Both planners and proponents agree, like other concepts such as computer city, information city and knowledge city, that the idea of smart cities in Nepal does not have a bottom-up outlook at the realisation, conception and planning stages. One day it just appeared in national policy and planning narratives. At present, we have imaginations, aspirations and assumptions. There is very little or no evidence about the prerequisites, estimations of proposed infrastructure such as energy demand and discussions on how an ordinary citizen gets real-world benefits which would not be possible otherwise.

NarrativesLiterature show this idea came from two urban thinking. First is new urbanism, which focuses on people-cantred designing and making cities eco-friendly and inclusive. Second is the “intelligent cities” that promote the use of information technology to deal with urban issues. An intelligent city converts data into knowledge and has an active role for governments to create innovation by exploiting information technology. Intelligence is a collective and collaborative enterprise in a knowledge-intensive environment. Reaching sustainable growth enabled by the use of (new) information technology to solve urban problems is a major aspiration in this idea.

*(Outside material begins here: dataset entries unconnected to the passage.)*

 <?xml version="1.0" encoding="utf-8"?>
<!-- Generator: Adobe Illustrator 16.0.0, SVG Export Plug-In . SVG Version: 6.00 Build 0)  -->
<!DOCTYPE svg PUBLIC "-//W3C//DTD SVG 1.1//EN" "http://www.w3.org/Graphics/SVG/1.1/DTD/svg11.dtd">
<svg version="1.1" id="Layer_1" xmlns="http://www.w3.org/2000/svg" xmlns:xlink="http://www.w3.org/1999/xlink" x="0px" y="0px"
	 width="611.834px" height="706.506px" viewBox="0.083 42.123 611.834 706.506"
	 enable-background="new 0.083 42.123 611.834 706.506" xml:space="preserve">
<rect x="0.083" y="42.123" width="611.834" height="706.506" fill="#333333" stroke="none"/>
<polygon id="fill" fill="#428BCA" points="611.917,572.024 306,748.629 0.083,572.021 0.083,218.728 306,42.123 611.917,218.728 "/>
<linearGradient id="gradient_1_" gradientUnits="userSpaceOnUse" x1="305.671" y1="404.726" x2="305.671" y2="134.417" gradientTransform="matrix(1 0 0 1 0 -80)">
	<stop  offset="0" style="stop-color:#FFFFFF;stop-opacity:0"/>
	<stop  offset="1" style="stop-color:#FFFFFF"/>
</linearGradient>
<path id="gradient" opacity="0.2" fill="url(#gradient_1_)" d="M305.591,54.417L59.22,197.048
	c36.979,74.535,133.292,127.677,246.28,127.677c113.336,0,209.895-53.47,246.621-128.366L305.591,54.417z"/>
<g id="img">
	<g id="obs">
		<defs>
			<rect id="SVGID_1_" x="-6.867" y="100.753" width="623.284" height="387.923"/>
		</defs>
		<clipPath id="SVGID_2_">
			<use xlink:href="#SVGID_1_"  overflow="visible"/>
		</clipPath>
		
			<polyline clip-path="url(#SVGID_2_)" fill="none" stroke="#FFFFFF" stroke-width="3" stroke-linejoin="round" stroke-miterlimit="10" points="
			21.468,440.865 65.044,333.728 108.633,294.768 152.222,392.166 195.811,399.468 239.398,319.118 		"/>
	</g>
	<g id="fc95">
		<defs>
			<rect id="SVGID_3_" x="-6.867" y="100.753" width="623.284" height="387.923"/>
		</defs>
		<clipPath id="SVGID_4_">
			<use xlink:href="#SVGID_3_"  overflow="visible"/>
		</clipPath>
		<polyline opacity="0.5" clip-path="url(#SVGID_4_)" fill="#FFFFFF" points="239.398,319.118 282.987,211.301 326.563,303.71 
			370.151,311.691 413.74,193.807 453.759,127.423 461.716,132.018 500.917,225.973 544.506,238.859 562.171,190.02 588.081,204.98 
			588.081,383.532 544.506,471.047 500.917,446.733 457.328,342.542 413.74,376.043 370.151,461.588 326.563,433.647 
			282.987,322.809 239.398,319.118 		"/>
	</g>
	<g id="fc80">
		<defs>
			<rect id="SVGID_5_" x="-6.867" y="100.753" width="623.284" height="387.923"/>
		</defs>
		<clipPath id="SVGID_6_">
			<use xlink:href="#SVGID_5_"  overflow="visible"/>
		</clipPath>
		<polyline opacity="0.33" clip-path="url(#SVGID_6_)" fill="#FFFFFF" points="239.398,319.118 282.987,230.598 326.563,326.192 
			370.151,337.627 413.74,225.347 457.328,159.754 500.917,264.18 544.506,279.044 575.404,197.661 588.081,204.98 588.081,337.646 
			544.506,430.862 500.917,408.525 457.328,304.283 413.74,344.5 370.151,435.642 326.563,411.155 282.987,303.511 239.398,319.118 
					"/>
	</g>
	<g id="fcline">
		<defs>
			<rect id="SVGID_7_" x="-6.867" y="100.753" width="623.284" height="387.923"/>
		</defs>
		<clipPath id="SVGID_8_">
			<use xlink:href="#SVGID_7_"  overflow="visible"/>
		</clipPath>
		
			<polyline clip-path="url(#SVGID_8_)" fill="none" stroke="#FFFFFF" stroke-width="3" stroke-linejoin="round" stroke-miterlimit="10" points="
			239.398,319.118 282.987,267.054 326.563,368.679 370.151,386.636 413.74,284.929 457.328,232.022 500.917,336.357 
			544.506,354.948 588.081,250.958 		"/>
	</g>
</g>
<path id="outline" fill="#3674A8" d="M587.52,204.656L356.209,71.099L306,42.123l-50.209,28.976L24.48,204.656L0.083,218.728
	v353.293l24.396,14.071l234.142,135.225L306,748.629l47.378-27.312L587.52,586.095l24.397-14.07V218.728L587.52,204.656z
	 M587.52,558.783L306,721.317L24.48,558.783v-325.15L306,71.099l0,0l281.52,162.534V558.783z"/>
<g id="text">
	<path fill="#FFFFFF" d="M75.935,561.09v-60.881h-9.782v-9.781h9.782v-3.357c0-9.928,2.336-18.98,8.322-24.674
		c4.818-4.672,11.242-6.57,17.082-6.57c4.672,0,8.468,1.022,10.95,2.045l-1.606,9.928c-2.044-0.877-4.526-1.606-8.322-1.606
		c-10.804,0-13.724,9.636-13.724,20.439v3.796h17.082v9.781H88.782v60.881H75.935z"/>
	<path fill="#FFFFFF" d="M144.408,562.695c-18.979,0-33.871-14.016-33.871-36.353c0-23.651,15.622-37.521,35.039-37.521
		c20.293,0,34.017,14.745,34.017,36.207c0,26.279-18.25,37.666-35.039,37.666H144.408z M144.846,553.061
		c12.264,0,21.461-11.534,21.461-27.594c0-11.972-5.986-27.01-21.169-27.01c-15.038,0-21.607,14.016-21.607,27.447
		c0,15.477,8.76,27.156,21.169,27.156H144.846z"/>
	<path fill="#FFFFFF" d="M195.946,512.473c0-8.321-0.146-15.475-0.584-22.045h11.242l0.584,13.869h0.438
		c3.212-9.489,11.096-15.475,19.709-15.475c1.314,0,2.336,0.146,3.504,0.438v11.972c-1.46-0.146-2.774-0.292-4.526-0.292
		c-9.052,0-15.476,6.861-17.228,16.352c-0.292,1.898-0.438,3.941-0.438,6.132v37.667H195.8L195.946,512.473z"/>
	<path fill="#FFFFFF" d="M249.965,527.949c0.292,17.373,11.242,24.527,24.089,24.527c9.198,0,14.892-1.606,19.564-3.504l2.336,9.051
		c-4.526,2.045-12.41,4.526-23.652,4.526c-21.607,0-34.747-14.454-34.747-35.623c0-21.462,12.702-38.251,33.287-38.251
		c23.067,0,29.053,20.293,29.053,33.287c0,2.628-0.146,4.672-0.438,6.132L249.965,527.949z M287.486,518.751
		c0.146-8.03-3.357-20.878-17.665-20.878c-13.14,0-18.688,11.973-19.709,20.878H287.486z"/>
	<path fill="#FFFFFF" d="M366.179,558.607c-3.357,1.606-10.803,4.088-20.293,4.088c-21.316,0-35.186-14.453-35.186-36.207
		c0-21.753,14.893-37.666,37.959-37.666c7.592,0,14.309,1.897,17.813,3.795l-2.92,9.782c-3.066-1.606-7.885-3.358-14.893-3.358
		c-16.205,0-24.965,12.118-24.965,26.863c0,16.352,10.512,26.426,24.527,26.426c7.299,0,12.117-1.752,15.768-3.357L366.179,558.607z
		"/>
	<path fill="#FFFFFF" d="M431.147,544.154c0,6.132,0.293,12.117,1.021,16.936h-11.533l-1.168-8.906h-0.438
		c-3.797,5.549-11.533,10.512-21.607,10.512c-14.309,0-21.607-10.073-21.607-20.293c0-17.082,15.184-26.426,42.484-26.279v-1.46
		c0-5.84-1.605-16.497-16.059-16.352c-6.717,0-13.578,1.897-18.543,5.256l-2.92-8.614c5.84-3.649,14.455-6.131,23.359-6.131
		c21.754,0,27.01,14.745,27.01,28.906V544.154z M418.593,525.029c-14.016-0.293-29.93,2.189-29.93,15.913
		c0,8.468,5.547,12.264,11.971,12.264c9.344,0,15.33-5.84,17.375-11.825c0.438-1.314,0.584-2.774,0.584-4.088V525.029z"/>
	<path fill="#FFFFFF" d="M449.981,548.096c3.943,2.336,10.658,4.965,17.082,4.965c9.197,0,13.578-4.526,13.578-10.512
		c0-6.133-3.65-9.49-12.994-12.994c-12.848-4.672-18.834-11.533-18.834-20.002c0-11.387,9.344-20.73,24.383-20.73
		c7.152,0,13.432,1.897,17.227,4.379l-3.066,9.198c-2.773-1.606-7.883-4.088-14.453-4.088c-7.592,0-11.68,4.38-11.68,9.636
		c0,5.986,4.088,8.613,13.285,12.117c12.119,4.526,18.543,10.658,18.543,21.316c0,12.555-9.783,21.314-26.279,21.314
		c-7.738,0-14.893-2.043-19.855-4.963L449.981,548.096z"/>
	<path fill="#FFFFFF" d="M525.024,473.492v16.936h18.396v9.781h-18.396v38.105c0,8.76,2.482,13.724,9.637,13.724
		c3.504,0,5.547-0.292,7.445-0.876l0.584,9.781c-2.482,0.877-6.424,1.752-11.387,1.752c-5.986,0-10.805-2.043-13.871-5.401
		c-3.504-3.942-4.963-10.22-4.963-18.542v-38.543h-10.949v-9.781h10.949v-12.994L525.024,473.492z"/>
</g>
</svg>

Technology is an enabler if not a critical element in the various definitions of smart cities. CISCO and IBM are helping mayors and planners to transform existing cities into smart ones. In a smart city, technologies connect all the stakeholders and create an eco-system where they can collaborate to foster the collective intelligence. Naturally, data and various sensors to generate data are at the core. CISCO frames smart cities as solutions to urban problems like population explosion, pollution, and the pressure they put on the city infrastructure. IBM likewise frames smart city as the way to solve “social problems and promote economic vitality”. Owning to their resources and technical expertise, IBM is a position to generate insights from big data that CISCO can provide through their hardware.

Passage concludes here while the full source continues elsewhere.